The World Bank Group (WBG) and the IMF must help address these critical challenges, in particular the impact on developing countries, and draw lessons from the current crises, said the communique.

"It will be crucial to maintain a focus on support for sustainable growth, poverty reduction, and the achievement of the Millennium Development Goals (MDGs)," it added.

World Bank President Robert Zoellick said after the meeting that the World Bank will help developing countries strengthen their economies, bolster their financial systems and protect the poor against the financial turmoil in international markets.

"Developing countries, many of them already hit hard by high prices for energy and essential foodstuffs, risk very serious setbacks to their efforts to improve the lives of their populations from any prolonged tightening of credit or a sustained global slowdown," Zoellick told a press conference.

"The poorest and most vulnerable groups risk the most serious -- and in some cases permanent -- damage. 100 million people have already been driven into poverty this year and that number will grow," he warned.

The World Bank has recently announced US$1.2 billion rapid financing facility is providing immediate help for countries coping with the impact of high food prices on the poor and already has US$850 million approved or in the pipeline, said the World Bank chief.

"We urge countries to consider making contributions to this fund.
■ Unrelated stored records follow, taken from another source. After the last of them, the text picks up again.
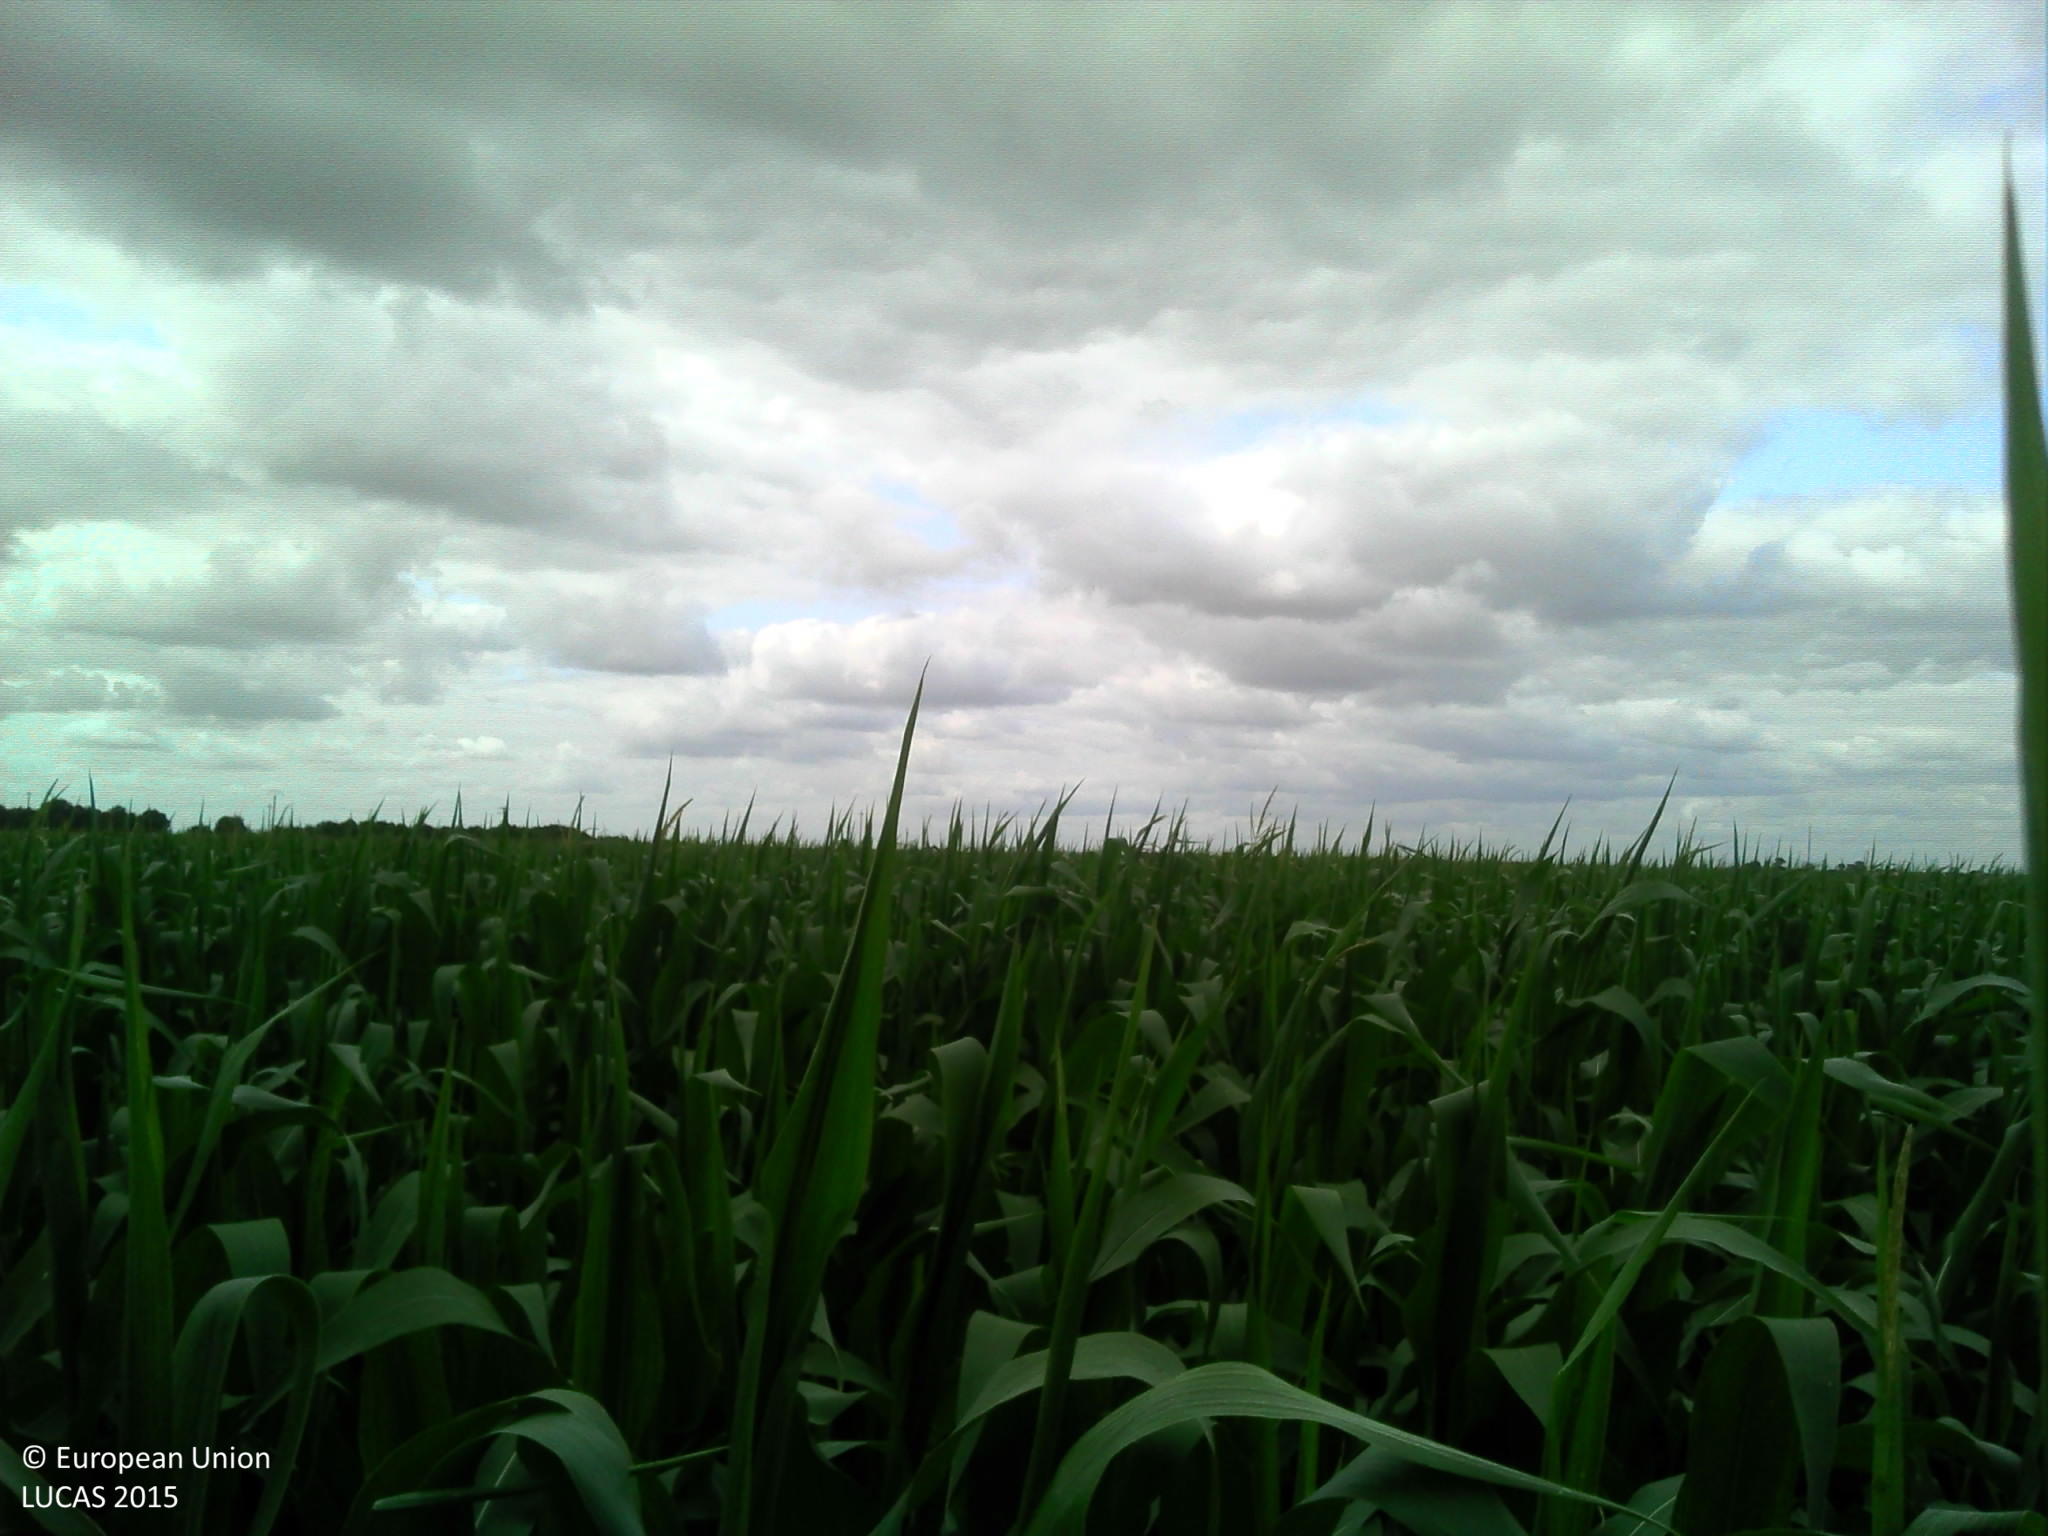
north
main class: Cropland
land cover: Maize
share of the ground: > 75 %
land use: Agriculture (excluding fallow land and kitchen gardens)
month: July
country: FR
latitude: 46.3624
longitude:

Australia has recently contributed US$50 million Australian dollars, but we need more," he said.

IMF Managing Director Dominique Strauss-Kahn also told the news conference that the world should not forget the other crisis, referring to the crisis of rising food and energy prices in poor countries.

Strauss-Kahn hailed the eurozone's action plan to cope with the financial crisis. He also urged the U.S. government to implement a US$700 billion bailout plan immediately to stabilize the financial markets.